基地問題については、沖縄に負担が集中している現状に触れ、施設の整理・統合・縮小に取り組むこと、返還された駐留軍用地の跡地を有効に活用していく方針を示しました。あわせて、首里城正殿の復元完成式が今年11月に行われることにも触れ、困難を乗り越えてきた沖縄の歩みに言及しました
(挨拶全文・首相官邸公式ページ )
一方で、その挨拶の最中、会場からは「戦争反対」「9条を守れ」、さらには「24万人に謝ってこい」といったヤジが飛び続けたと報じられています。
(沖縄タイムス )
沖縄が長く背負ってきた基地負担への、切実な思いがあることは理解しています。声をあげたくなる気持ちや背景も、決して軽いものではありません。基地のあり方や政府の姿勢に、納得のいかない思いを抱く県民が多くいることも事実です。それでも私は思います。あの場は、亡くなった20万人を超える方々に手を合わせ、静かに祈るための場です。誰がマイクの前に立っていようと、その人の立場や考えに賛成か反対かを超えて、その時間だけは、参列した誰もが頭を下げ、鎮魂に集中できる。そういう場であってほしいと、私は強く感じました。意見をぶつけ合う場所は、ほかにいくらでもあります。慰霊の日の祈りの時間だけは、静けさのなかで犠牲者と向き合いたい。それが、命を落とされた方々への、いちばんの礼ではないかと思います。
■ 私の考え。手渡すということ
慰霊の日に考えたのは、「どう手渡すか」ということでした。
亀谷さんが曾祖母の記憶を詩にしたように。私が子どもたちと黙祷をささげたように。記憶や祈りは、誰かが意識して次の世代に渡さなければ、静かに消えていってしまいます。八重瀬の足元にある戦跡も、語る人がいなくなれば、ただの風景になってしまうかもしれません。

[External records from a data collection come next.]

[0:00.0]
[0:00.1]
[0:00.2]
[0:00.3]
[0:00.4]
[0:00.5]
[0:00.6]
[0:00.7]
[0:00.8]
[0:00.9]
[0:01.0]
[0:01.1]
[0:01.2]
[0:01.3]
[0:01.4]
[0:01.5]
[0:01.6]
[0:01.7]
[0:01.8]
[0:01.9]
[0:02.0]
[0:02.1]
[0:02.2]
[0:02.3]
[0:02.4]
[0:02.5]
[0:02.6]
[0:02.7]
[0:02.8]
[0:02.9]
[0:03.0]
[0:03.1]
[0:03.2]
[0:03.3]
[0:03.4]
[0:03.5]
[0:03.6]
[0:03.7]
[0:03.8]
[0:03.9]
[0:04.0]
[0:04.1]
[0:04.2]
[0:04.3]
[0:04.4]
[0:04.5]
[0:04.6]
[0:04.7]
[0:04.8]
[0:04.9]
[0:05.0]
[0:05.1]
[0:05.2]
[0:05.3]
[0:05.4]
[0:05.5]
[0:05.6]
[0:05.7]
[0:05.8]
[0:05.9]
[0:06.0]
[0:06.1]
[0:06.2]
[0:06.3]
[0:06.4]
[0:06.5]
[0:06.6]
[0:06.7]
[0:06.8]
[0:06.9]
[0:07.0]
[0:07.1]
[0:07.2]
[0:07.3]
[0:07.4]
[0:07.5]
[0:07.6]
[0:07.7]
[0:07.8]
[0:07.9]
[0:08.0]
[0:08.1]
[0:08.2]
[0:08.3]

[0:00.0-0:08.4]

私の祖父母も、「鉄の暴風」と呼ばれた地獄を生き抜いてくれました。逃げ惑い、飢え、すぐ隣で人が亡くなっていくなかで、それでも命をつないでくれた人がいた。だから今の私があり、妻がいて、娘がいます。私が今こうして当たり前のように生きているのは、決して当たり前のことではなく、生き残ってくれた先人たちの上に成り立っている。そう思うと、この日に手を合わせる意味の重さが、また少し違って感じられました。
私はまず一人の沖縄県民として、この島で起きたことを忘れたくないと思います。そして八重瀬で育った一人として、また一人の父として、この町の子どもたちに、戦争を遠い話にさせたくないと思っています。難しい言葉でなくていい。一緒に目を閉じる。次の世代が、また次の世代へと手渡していけるように。それが、生き延びてくれた先人たちへの恩返しであり、私にできる継承の第一歩だと思っています。
戦後81年。平和は、誰かが祈り、誰かが語り継いでくれたからこそ、今ここにあります。その糸を、私たちの世代で途切れさせてはいけない。昨日の慰霊の日に、あらためてそう心に刻みました。